La prima edizione del libro fu pubblicata nel 1972 da Einaudi, ma si dovrà aspettare fino al 1983 perché sia l’autore stesso a presentarcelo, in un discorso tenuto alla Columbia University di New York. Racconta di lavorare in serie, archiviando brani in cartelle a tema e che solo quando una di queste si riempie, inizia a rivederne e limarne il contenuto per organizzarlo in un libro che abbia un inizio e una fine. “Era diventato un po’ come un diario che seguiva i miei umori e le mie riflessioni; tutto finiva per trasformarsi in immagini di città: i libri che leggevo, le esposizioni d’arte che visitavo, le discussioni con gli amici”.
Il tomo inizia così a suddividersi in brevi capitoli ognuno inerente ad una città immaginaria. A Calvino si presentano quindi due criticità: come organizzare i capitoli e soprattutto quale debba essere il filo rosso dell’intera raccolta. Ispirandosi alla struttura compositiva de Le mille e una notte, crea il suo “continente immaginario in cui altre opere letterarie troveranno il loro spazio; continente dell’altrove, oggi che l’altrove si può dire che non esista più, e tutto il mondo tende a uniformarsi”.
Il compito di contenitore di storie viene così assegnato a Marco Polo, che, sotto forma di resoconto dei propri viaggi, descrive all’Imperatore dei Tartari, Kublai Kan, le città che si trovano sotto il suo immenso dominio. Tali parti di raccordo vengono poste in apertura e chiusura di ognuna delle nove sezioni in cui è suddiviso il testo ed evidenziate graficamente attraverso l’utilizzo del corsivo. Viene sottolineata spesso la difficoltà di comunicazione tra i due – che si esprimono in lingue differenti – e ne nasce una lunga partita a scacchi utilizzati come pezzi di un puzzle che, incastrati opportunamente dalle sapienti mani di Polo, si trasformano di volta in volta in mirabolanti metropoli, in minuscoli nuclei abitativi o in sottilissimi complessi urbani.

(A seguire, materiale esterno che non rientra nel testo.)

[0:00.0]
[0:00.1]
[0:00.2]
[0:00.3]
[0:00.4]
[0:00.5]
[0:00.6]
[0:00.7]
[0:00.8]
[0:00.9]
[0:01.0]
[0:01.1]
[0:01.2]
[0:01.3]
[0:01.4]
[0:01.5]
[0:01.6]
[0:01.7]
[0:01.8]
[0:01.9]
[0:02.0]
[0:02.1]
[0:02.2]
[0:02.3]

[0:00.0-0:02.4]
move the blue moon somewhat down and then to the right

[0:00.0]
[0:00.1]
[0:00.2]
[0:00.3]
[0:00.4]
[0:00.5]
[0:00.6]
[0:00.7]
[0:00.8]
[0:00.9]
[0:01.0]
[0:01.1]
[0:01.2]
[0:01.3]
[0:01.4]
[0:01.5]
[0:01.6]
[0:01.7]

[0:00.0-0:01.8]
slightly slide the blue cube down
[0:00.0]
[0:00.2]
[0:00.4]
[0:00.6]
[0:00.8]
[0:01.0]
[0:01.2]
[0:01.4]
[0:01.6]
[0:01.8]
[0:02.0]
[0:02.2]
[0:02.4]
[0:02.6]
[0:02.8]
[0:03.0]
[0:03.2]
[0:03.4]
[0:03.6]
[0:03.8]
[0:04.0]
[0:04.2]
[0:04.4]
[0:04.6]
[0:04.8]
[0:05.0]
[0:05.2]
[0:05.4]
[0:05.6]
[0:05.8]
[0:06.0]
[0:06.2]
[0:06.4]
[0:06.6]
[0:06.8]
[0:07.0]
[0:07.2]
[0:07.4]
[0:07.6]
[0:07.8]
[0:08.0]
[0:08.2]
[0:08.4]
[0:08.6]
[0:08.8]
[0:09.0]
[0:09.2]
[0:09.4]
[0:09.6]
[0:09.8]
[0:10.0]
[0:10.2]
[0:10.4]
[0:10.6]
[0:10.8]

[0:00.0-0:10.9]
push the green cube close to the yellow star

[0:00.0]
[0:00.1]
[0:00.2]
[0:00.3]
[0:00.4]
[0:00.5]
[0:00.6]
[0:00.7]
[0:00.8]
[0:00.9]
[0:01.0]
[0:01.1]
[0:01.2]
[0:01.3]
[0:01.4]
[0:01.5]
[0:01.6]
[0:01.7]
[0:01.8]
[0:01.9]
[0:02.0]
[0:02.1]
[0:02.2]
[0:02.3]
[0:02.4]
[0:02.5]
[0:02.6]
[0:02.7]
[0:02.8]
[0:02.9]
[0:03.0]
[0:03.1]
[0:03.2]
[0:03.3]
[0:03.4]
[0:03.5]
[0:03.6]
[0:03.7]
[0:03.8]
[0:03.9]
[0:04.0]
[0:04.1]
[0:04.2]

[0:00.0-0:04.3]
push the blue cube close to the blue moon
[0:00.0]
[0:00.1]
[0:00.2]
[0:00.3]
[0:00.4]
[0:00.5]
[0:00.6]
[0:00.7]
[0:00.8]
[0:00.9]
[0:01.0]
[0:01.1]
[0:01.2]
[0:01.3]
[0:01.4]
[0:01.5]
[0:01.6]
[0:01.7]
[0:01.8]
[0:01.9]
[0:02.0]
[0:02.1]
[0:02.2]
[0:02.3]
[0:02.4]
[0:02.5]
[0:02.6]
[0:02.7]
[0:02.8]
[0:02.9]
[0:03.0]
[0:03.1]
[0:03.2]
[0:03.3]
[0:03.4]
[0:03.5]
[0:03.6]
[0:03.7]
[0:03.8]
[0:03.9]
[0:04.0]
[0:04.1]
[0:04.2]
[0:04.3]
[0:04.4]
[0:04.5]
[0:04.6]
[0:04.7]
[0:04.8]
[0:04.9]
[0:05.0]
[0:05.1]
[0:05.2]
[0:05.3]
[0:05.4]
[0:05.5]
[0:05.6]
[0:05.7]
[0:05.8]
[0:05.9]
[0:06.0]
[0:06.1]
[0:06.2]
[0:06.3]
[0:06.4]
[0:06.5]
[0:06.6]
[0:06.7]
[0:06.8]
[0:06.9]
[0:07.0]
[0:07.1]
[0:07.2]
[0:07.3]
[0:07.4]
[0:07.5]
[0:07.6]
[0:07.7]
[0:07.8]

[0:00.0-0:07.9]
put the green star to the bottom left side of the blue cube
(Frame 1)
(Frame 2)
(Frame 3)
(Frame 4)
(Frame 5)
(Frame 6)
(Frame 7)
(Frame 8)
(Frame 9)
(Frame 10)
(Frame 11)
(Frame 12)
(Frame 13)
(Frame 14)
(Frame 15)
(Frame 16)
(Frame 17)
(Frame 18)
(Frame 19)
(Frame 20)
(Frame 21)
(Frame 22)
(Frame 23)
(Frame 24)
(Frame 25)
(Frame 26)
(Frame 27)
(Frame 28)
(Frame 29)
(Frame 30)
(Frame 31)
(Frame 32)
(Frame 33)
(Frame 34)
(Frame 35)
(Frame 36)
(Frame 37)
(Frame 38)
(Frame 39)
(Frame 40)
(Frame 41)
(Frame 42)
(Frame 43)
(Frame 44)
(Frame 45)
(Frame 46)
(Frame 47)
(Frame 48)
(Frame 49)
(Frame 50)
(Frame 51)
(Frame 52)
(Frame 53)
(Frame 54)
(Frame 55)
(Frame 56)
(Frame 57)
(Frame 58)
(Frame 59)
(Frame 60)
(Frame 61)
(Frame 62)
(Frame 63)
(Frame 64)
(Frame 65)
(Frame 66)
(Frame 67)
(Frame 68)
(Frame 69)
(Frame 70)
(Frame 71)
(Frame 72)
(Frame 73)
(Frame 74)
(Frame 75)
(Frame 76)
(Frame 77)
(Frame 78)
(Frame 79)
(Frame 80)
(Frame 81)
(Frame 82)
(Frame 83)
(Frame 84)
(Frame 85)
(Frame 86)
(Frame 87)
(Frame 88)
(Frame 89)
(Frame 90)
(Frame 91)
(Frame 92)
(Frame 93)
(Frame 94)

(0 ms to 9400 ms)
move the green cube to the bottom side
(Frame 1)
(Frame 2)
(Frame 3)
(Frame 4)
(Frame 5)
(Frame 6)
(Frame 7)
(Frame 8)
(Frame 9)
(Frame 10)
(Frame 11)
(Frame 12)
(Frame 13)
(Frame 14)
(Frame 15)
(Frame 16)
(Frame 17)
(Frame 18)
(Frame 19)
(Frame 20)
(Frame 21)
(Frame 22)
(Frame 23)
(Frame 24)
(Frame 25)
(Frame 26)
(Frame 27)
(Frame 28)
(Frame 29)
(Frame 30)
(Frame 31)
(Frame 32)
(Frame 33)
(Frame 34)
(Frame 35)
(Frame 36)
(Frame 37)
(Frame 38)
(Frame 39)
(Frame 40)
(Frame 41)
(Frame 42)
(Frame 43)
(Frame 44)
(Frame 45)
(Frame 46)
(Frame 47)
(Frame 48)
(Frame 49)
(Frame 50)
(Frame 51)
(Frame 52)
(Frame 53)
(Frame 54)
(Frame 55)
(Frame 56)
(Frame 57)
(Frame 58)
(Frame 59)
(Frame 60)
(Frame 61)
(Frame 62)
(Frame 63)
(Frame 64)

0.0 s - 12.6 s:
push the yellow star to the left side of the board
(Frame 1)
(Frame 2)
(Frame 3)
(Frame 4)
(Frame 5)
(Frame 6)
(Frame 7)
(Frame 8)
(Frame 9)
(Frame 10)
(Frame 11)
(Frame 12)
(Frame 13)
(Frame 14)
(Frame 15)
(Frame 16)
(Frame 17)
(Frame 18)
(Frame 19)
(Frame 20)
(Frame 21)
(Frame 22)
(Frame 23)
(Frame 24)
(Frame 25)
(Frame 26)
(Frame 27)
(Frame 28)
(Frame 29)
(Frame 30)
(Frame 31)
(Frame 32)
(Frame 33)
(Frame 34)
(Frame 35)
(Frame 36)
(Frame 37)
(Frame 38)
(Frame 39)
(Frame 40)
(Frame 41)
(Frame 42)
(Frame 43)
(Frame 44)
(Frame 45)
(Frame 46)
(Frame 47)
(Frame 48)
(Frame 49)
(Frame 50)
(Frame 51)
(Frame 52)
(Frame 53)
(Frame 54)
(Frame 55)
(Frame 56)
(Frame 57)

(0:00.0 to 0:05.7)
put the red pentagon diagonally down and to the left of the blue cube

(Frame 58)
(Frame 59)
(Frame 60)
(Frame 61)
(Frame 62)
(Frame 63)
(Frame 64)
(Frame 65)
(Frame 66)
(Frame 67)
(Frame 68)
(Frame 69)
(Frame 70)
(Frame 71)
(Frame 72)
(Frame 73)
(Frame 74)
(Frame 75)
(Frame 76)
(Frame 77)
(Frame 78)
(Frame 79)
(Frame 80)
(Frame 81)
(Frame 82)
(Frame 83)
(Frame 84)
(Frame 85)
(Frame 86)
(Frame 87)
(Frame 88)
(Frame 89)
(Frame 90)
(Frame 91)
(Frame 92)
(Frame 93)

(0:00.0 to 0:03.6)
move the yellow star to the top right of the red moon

Il passo successivo per dare un ordine logico a tutto questo materiale fu suddividerlo in undici serie – Le città e la memoria; Le città e il desiderio; Le città e i segni; Le città sottili; Le città e gli scambi; Le città e gli occhi; Le città e il nome; Le città e i morti; Le città e il cielo; Le città continue; Le città nascoste – di cinque pezzi ciascuna, a loro volta raggruppati nelle nove sezioni in base ad un’atmosfera comune. Si alternano così città felici e infelici, tutte accomunate dal possedere un nome femminile, dall’essere strettamente collegate alla realtà urbanistica di quegli anni e dalla straordinaria penna di Calvino.
Lo stesso autore ammette poi che il testo non ha un’unica morale, bensì più d’una conclusione. C’è chi può trovarla alla fine e chi nel mezzo: il libro è infatti “uno spazio in cui il lettore deve entrare, girare, magari perdersi, ma a un certo punto trovare un’uscita, o magari parecchie uscite, la possibilità d’aprirsi una strada per venirne fuori”. Esattamente come in città.